Type the records out again in full, exactly.

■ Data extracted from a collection
========================================================================

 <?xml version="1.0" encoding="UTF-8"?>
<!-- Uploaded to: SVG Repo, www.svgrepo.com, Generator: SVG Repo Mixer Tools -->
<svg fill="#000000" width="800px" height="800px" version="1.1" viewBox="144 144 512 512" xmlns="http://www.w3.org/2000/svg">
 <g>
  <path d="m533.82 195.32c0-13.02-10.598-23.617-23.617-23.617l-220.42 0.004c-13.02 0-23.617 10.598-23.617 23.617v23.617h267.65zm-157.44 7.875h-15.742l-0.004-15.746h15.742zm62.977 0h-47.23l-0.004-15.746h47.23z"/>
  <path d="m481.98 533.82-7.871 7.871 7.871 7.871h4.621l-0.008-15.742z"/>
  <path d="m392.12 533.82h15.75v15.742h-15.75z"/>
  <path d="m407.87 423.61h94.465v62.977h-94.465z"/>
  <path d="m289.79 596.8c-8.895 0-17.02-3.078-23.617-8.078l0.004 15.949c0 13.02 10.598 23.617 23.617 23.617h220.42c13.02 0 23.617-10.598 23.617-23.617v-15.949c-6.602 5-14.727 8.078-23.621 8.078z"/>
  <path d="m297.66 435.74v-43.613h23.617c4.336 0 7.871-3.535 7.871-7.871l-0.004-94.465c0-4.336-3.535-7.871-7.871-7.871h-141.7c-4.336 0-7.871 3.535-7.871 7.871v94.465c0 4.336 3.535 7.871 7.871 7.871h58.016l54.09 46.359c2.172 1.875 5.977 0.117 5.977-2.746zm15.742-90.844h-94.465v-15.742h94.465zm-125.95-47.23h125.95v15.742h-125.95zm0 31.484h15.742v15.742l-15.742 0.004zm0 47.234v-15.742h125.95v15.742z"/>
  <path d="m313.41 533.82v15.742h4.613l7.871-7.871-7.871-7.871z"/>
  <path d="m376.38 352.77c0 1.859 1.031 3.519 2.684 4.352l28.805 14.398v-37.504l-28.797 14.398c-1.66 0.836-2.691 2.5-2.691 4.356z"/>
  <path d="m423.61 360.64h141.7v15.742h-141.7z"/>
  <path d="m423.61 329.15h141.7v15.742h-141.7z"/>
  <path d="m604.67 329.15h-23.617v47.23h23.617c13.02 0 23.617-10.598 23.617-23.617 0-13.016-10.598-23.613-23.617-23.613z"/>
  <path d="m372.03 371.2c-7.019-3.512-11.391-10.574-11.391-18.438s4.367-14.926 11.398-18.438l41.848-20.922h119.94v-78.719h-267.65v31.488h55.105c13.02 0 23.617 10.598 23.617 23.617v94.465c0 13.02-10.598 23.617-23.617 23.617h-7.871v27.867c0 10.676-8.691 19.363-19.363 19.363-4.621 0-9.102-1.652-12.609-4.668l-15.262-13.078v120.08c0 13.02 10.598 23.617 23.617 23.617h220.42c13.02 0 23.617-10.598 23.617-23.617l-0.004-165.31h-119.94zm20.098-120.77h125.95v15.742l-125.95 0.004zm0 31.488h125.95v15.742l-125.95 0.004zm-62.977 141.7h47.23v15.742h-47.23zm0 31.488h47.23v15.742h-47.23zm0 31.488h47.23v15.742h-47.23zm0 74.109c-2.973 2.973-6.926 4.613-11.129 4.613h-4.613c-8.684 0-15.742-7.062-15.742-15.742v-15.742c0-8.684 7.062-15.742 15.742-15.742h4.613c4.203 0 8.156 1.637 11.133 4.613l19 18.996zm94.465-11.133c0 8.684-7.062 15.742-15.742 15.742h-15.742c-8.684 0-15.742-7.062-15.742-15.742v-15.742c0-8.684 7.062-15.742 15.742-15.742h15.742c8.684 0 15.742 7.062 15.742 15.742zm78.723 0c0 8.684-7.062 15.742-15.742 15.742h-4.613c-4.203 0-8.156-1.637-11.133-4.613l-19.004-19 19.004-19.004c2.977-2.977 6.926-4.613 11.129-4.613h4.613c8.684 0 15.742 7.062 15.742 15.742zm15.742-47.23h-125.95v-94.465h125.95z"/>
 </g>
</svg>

========================================================================

■ Exercise response
 <?xml version="1.0" encoding="UTF-8"?>
<!-- Uploaded to: SVG Repo, www.svgrepo.com, Generator: SVG Repo Mixer Tools -->
<svg fill="#000000" width="800px" height="800px" version="1.1" viewBox="144 144 512 512" xmlns="http://www.w3.org/2000/svg">
 <g>
  <path d="m533.82 195.32c0-13.02-10.598-23.617-23.617-23.617l-220.42 0.004c-13.02 0-23.617 10.598-23.617 23.617v23.617h267.65zm-157.44 7.875h-15.742l-0.004-15.746h15.742zm62.977 0h-47.23l-0.004-15.746h47.23z"/>
  <path d="m481.98 533.82-7.871 7.871 7.871 7.871h4.621l-0.008-15.742z"/>
  <path d="m392.12 533.82h15.75v15.742h-15.75z"/>
  <path d="m407.87 423.61h94.465v62.977h-94.465z"/>
  <path d="m289.79 596.8c-8.895 0-17.02-3.078-23.617-8.078l0.004 15.949c0 13.02 10.598 23.617 23.617 23.617h220.42c13.02 0 23.617-10.598 23.617-23.617v-15.949c-6.602 5-14.727 8.078-23.621 8.078z"/>
  <path d="m297.66 435.74v-43.613h23.617c4.336 0 7.871-3.535 7.871-7.871l-0.004-94.465c0-4.336-3.535-7.871-7.871-7.871h-141.7c-4.336 0-7.871 3.535-7.871 7.871v94.465c0 4.336 3.535 7.871 7.871 7.871h58.016l54.09 46.359c2.172 1.875 5.977 0.117 5.977-2.746zm15.742-90.844h-94.465v-15.742h94.465zm-125.95-47.23h125.95v15.742h-125.95zm0 31.484h15.742v15.742l-15.742 0.004zm0 47.234v-15.742h125.95v15.742z"/>
  <path d="m313.41 533.82v15.742h4.613l7.871-7.871-7.871-7.871z"/>
  <path d="m376.38 352.77c0 1.859 1.031 3.519 2.684 4.352l28.805 14.398v-37.504l-28.797 14.398c-1.66 0.836-2.691 2.5-2.691 4.356z"/>
  <path d="m423.61 360.64h141.7v15.742h-141.7z"/>
  <path d="m423.61 329.15h141.7v15.742h-141.7z"/>
  <path d="m604.67 329.15h-23.617v47.23h23.617c13.02 0 23.617-10.598 23.617-23.617 0-13.016-10.598-23.613-23.617-23.613z"/>
  <path d="m372.03 371.2c-7.019-3.512-11.391-10.574-11.391-18.438s4.367-14.926 11.398-18.438l41.848-20.922h119.94v-78.719h-267.65v31.488h55.105c13.02 0 23.617 10.598 23.617 23.617v94.465c0 13.02-10.598 23.617-23.617 23.617h-7.871v27.867c0 10.676-8.691 19.363-19.363 19.363-4.621 0-9.102-1.652-12.609-4.668l-15.262-13.078v120.08c0 13.02 10.598 23.617 23.617 23.617h220.42c13.02 0 23.617-10.598 23.617-23.617l-0.004-165.31h-119.94zm20.098-120.77h125.95v15.742l-125.95 0.004zm0 31.488h125.95v15.742l-125.95 0.004zm-62.977 141.7h47.23v15.742h-47.23zm0 31.488h47.23v15.742h-47.23zm0 31.488h47.23v15.742h-47.23zm0 74.109c-2.973 2.973-6.926 4.613-11.129 4.613h-4.613c-8.684 0-15.742-7.062-15.742-15.742v-15.742c0-8.684 7.062-15.742 15.742-15.742h4.613c4.203 0 8.156 1.637 11.133 4.613l19 18.996zm94.465-11.133c0 8.684-7.062 15.742-15.742 15.742h-15.742c-8.684 0-15.742-7.062-15.742-15.742v-15.742c0-8.684 7.062-15.742 15.742-15.742h15.742c8.684 0 15.742 7.062 15.742 15.742zm78.723 0c0 8.684-7.062 15.742-15.742 15.742h-4.613c-4.203 0-8.156-1.637-11.133-4.613l-19.004-19 19.004-19.004c2.977-2.977 6.926-4.613 11.129-4.613h4.613c8.684 0 15.742 7.062 15.742 15.742zm15.742-47.23h-125.95v-94.465h125.95z"/>
 </g>
</svg>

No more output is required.